Your instructions ▸
Please restate the listing word for word, omitting the images.

◇ ◇ ◇

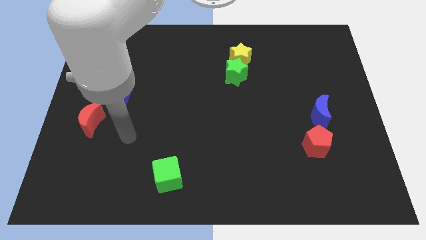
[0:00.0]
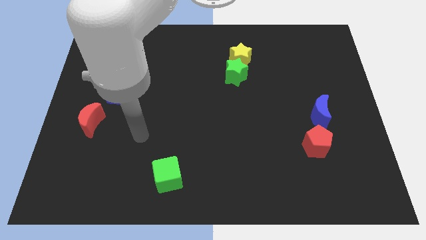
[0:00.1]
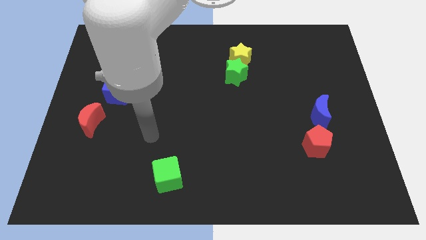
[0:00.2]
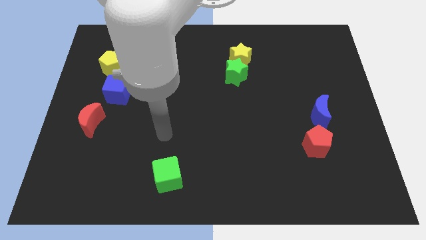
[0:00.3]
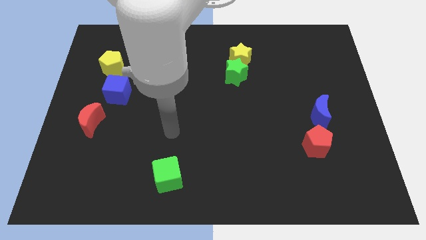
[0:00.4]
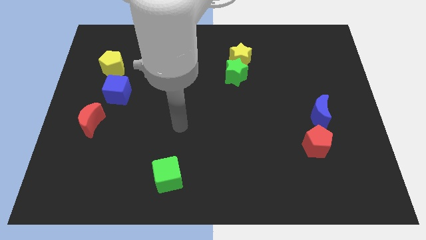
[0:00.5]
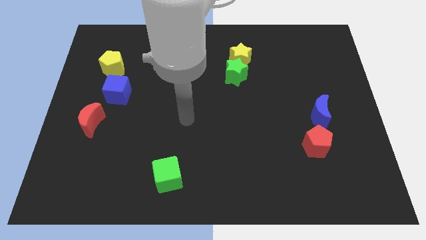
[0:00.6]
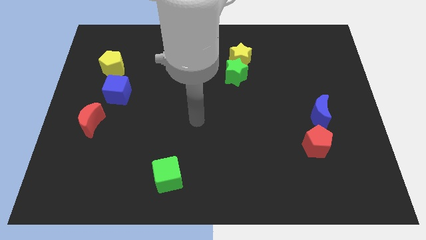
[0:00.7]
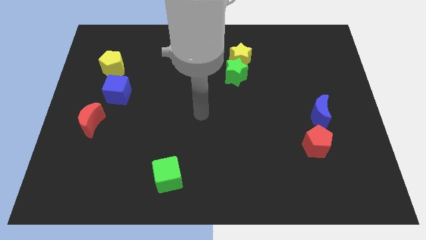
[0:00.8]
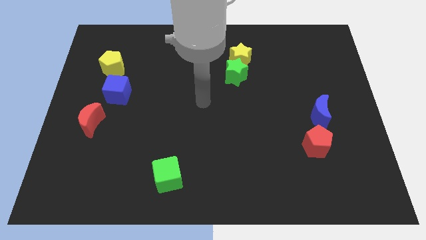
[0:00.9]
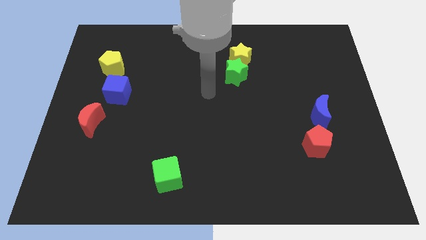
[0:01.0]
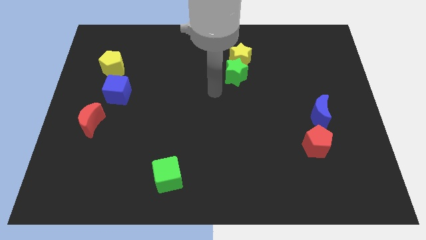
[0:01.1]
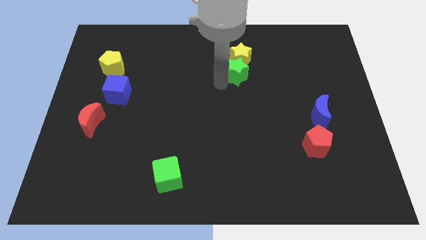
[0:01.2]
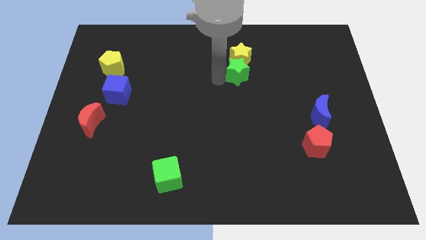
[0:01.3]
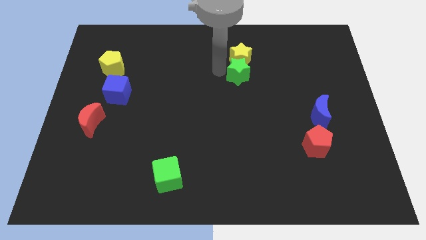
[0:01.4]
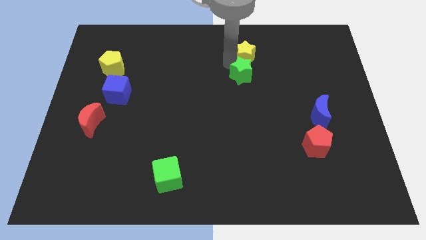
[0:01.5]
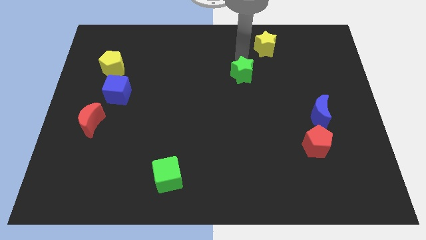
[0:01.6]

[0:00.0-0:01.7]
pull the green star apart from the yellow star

◇ ◇ ◇

Answer below ▸
[0:00.0]
[0:00.1]
[0:00.2]
[0:00.3]
[0:00.4]
[0:00.5]
[0:00.6]
[0:00.7]
[0:00.8]
[0:00.9]
[0:01.0]
[0:01.1]
[0:01.2]
[0:01.3]
[0:01.4]
[0:01.5]
[0:01.6]

[0:00.0-0:01.7]
pull the green star apart from the yellow star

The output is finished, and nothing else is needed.